The 2% increase in Q3 net revenue was driven by strong growth in the European and Digital divisions, with the UK Retail business posting a small decline.
The shares fell 1.4% on the news.
Ladbrokes Coral has made reasonable progress, but the upcoming review into the gambling industry still dominates sentiment.
Following the merger with Coral, the group is the clear market leader on the UK high street, and has the option of splitting its hand to pitch the two brands at a different type of punter. The international businesses are small at present but dovetail nicely, and with estimates for cost savings upgraded to £150m per annum, the potential impact on profitability is looking all the more significant.
That said, there are long-term risks. Net debt is over £1bn and only falling slowly, the large UK estate will need to be managed down over time, and planned expansion into new overseas territories could be expensive. However, gambling was never a risk-free enterprise and properly executed the deal and associated expansion presents a huge opportunity.
Our one major concern is around increased regulation, particularly of Fixed Odd Betting Terminals (FOBTs) in shops. Gambling machines accounted for 33% of revenues in the first half, but the machines - often described as the crack cocaine of gambling - are unpopular with many, including politicians and the media. A review into their use is ongoing, and with over 3,500 shops up and down the country, Ladbrokes has more riding on the outcome than rivals.
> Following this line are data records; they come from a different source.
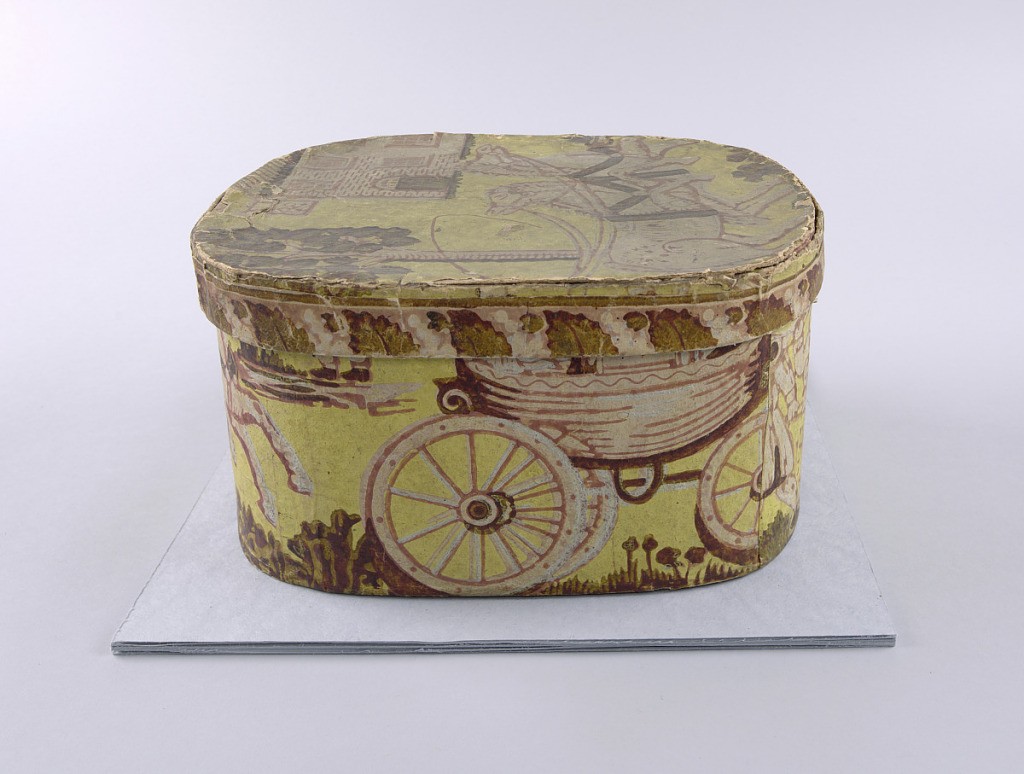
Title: Bandbox and lid
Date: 1830–35
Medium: Block-printed on paper, pasteboard support
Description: Fragmentary patterns show a coach, horses, inn.
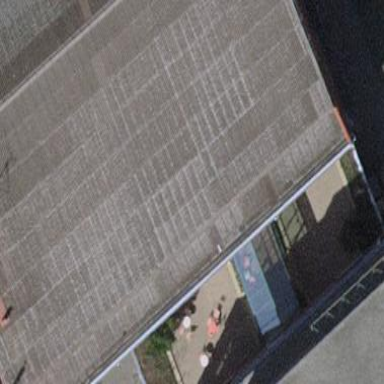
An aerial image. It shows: View of roof of building.

A reduction to the current £100 maximum stake seems inevitable, despite industry protestations that jobs are at risk. If the review sets stakes at a maximum of £50 a pop, the group would breathe a big sigh of relief, but slashing it to just £2 would lead to a rather sharp intake of breath. Hundreds of millions in revenues could disappear overnight.
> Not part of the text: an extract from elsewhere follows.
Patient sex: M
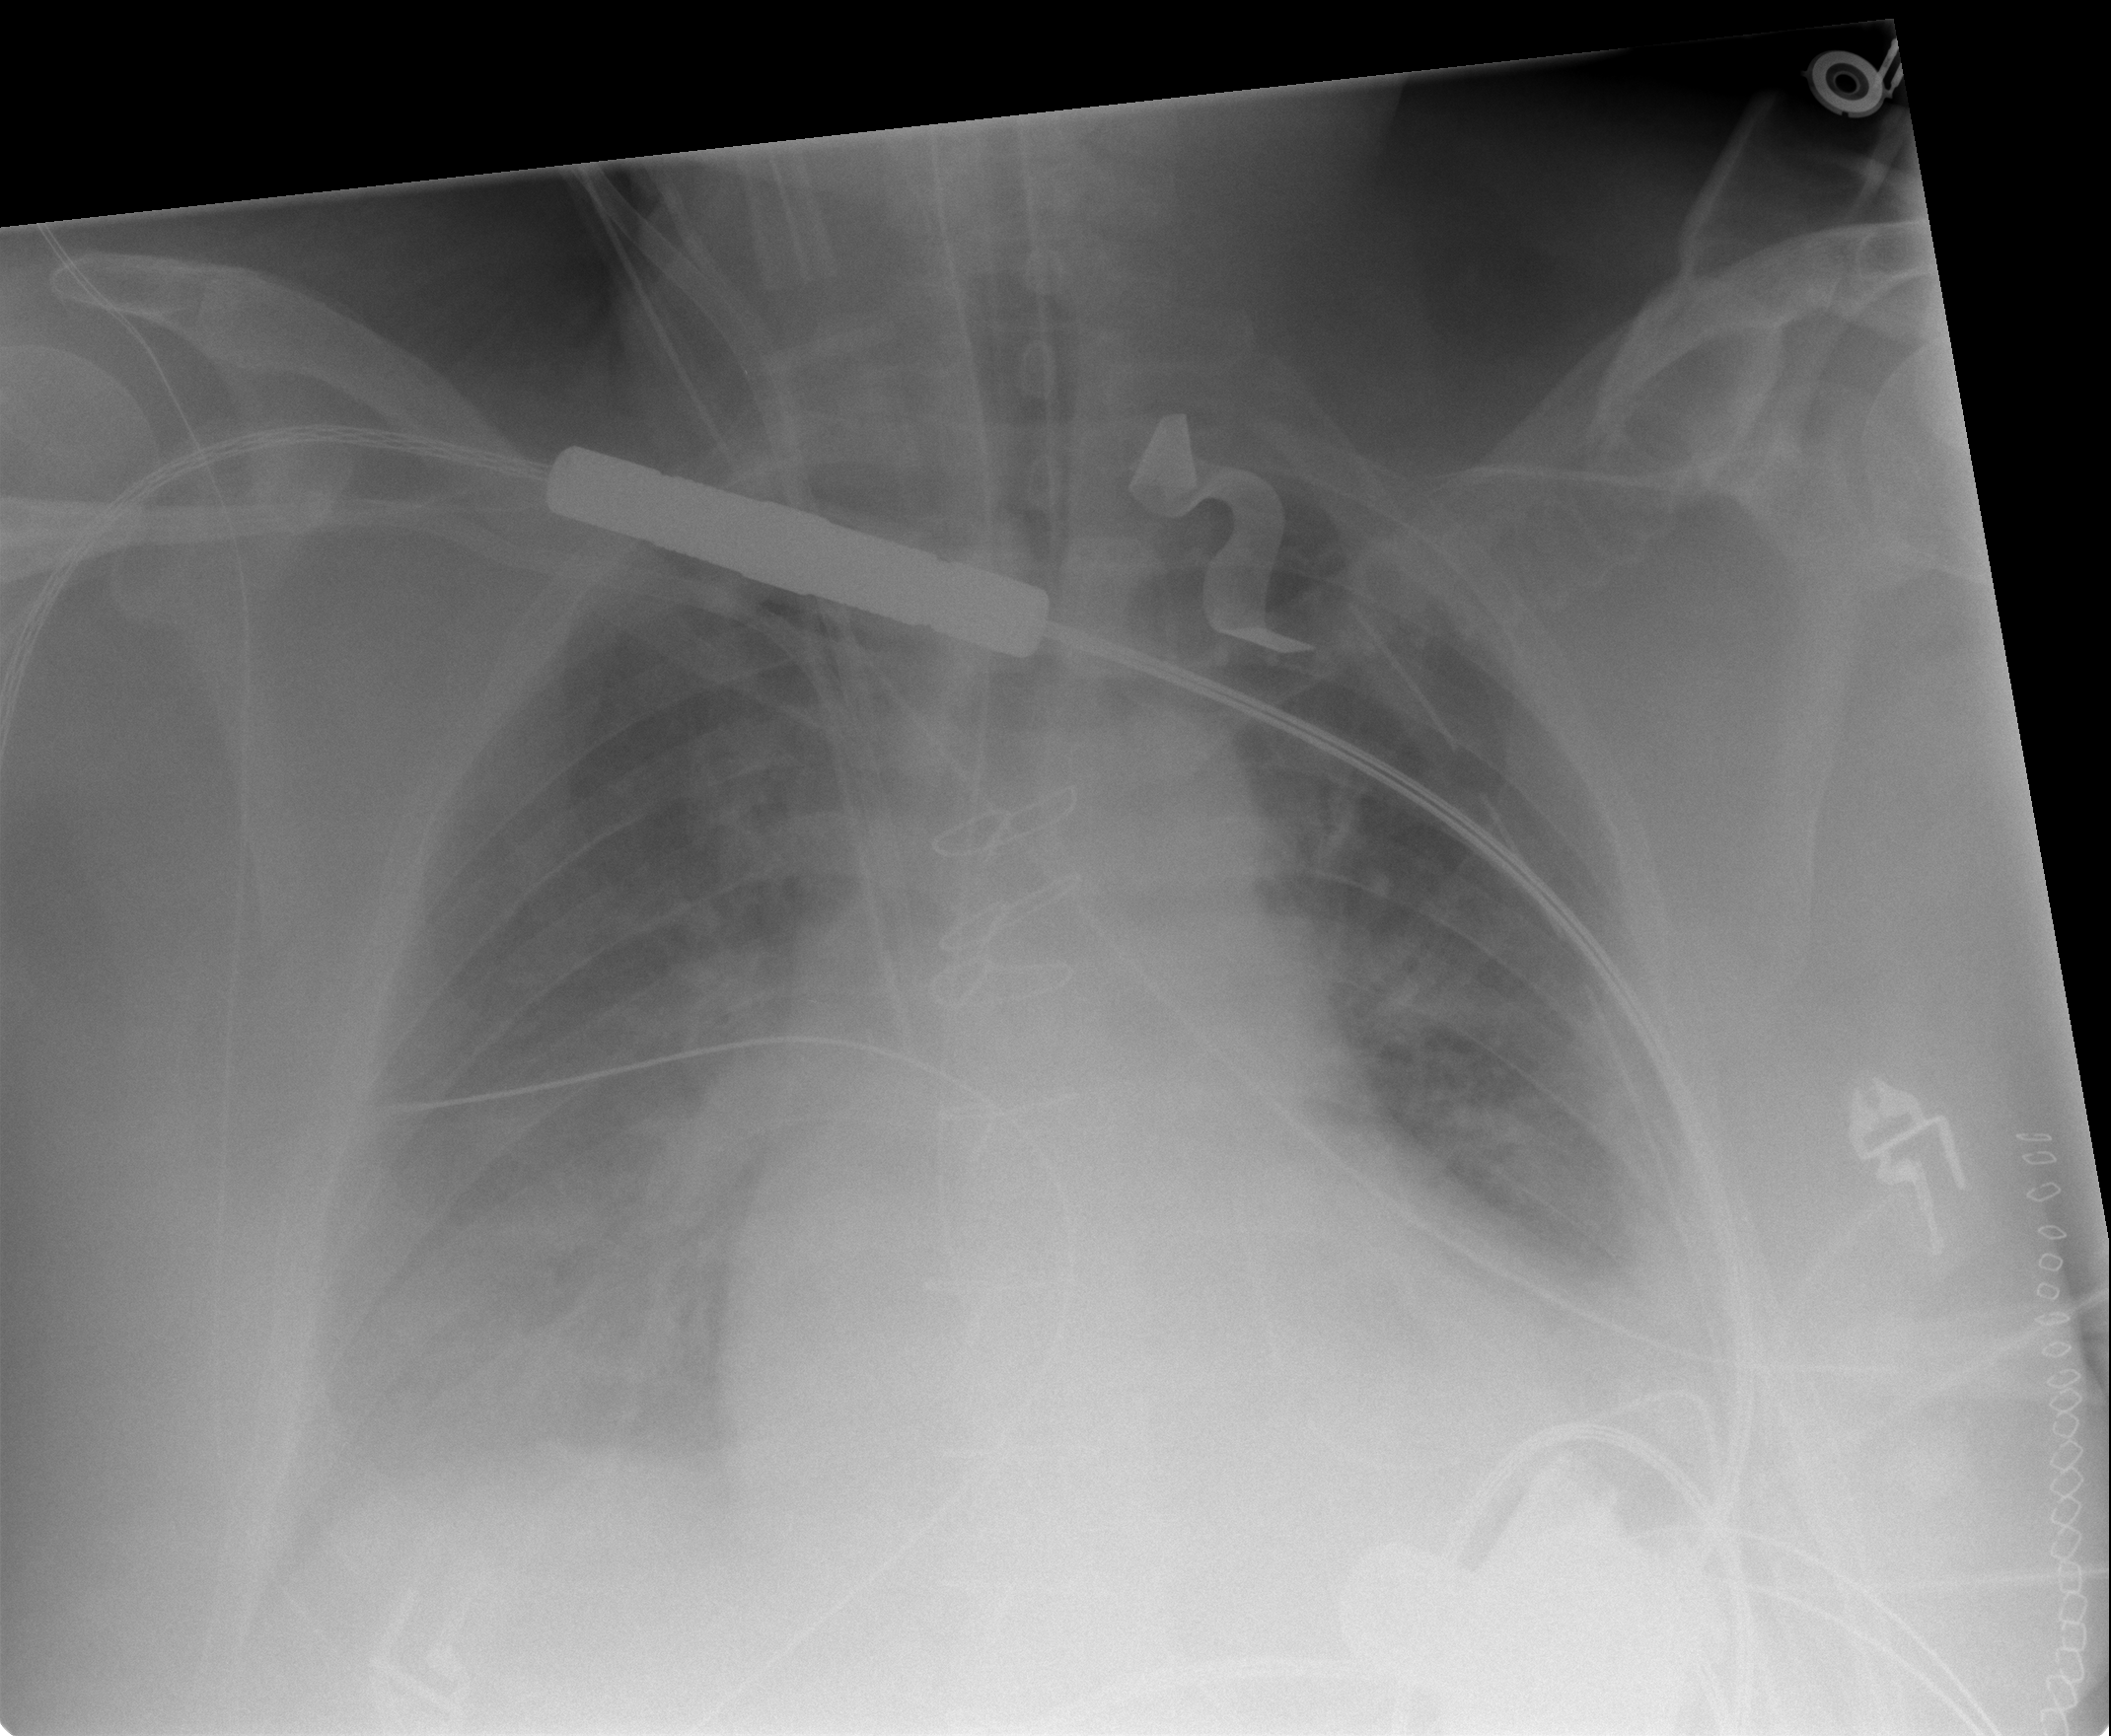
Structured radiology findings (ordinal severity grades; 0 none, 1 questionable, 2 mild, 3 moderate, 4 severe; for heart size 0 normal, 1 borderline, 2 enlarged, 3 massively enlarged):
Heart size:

A £2 cap still hasn't been ruled out, and the possibility of such radical change goes a long way to explain why the group is currently trading on a 19% discount to its long-term price/earnings ratio. It also means the shares currently offer a prospective yield for next year of 4.5%.
Third quarter results (on a constant currency basis)
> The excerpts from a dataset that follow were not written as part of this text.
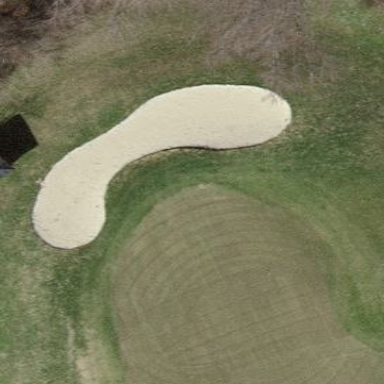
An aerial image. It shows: Golf bunker filled with sandy terrain.
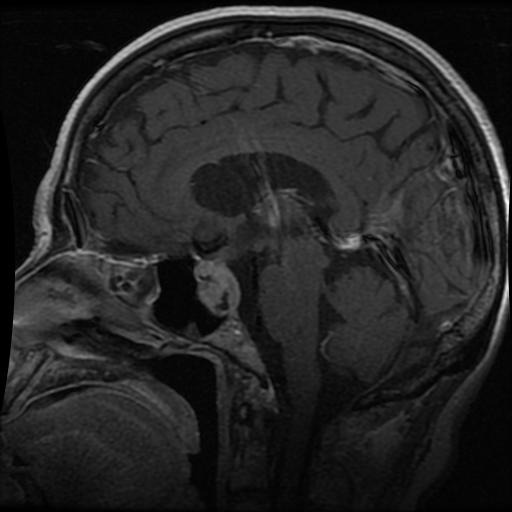
Label: pituitary
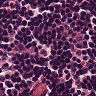
Metastatic tissue present: no
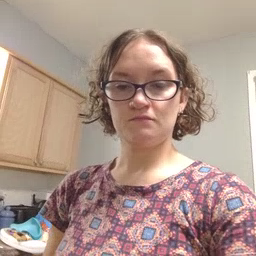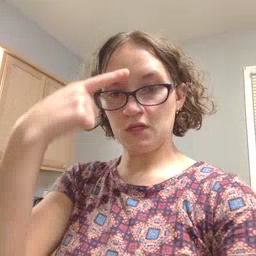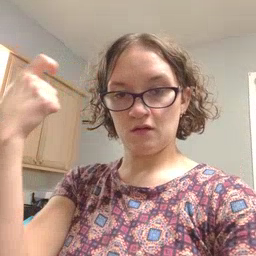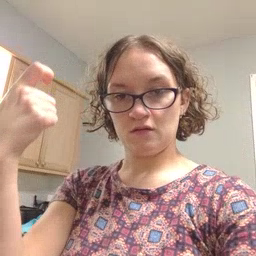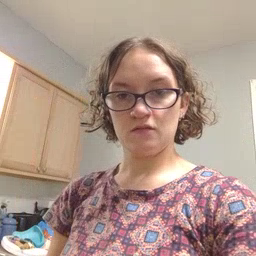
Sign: because
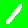
Digit: 1
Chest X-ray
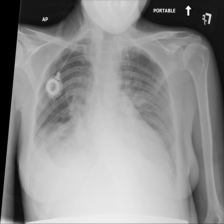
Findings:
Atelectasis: negative
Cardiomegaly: positive
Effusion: positive
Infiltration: positive
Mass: positive
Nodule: negative
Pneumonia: negative
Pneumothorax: negative
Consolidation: positive
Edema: negative
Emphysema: negative
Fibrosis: negative
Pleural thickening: positive
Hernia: negative
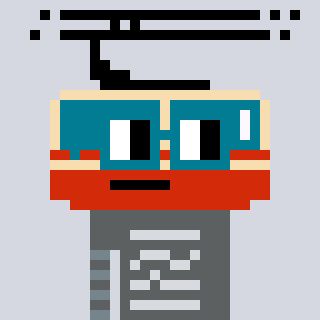
a pixel art character with square dark green glasses, a tram wagon-shaped head and a orange-colored body on a cool background
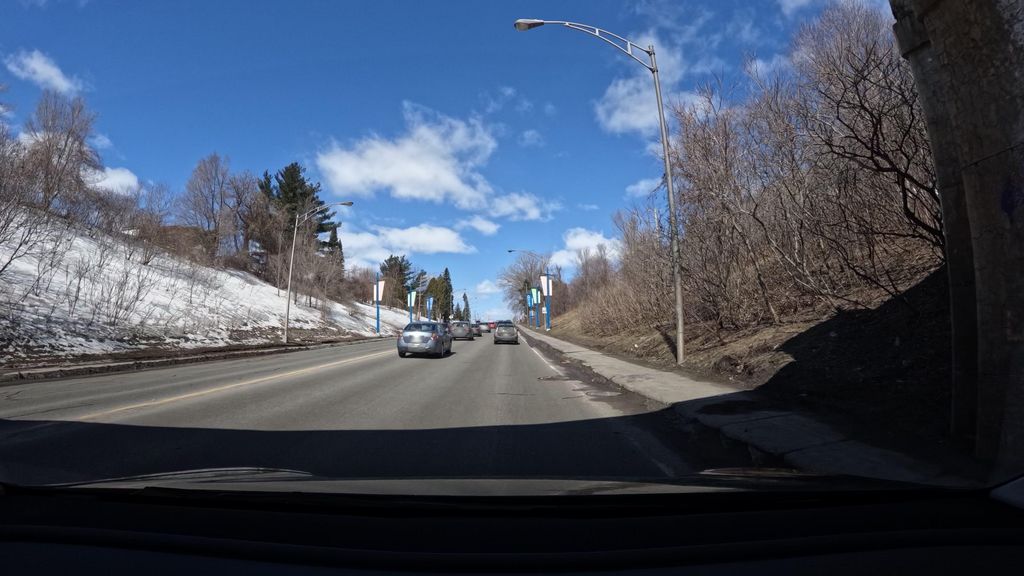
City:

An agreement with The Racing Partnership saw all horse racing content return to the UK estate. This helped staking rise on the previous quarter, but couldn't prevent a 5% decline year-on-year. With a 0.4 percentage point improvement in win margins, driven by the Ladbrokes brand, this translated into a 1% like-for-like (LFL) fall in UK Retail net revenue.
In Europe, net revenue was 12% ahead of the prior year, driven by an improvement in staking and win margins.
Online staking rose 14%, despite the absence of a major football tournament in the summer, and Sportsbook gross win margins increased from 8.9% to 9.6%. This helped group net revenue rise 16%, with strong growth at Coral, and in Australia and Italy, offsetting a weaker performance at Ladbrokes.com. Gaming net revenue rose 6%.
The group remains on course to meet its expectations for the full year.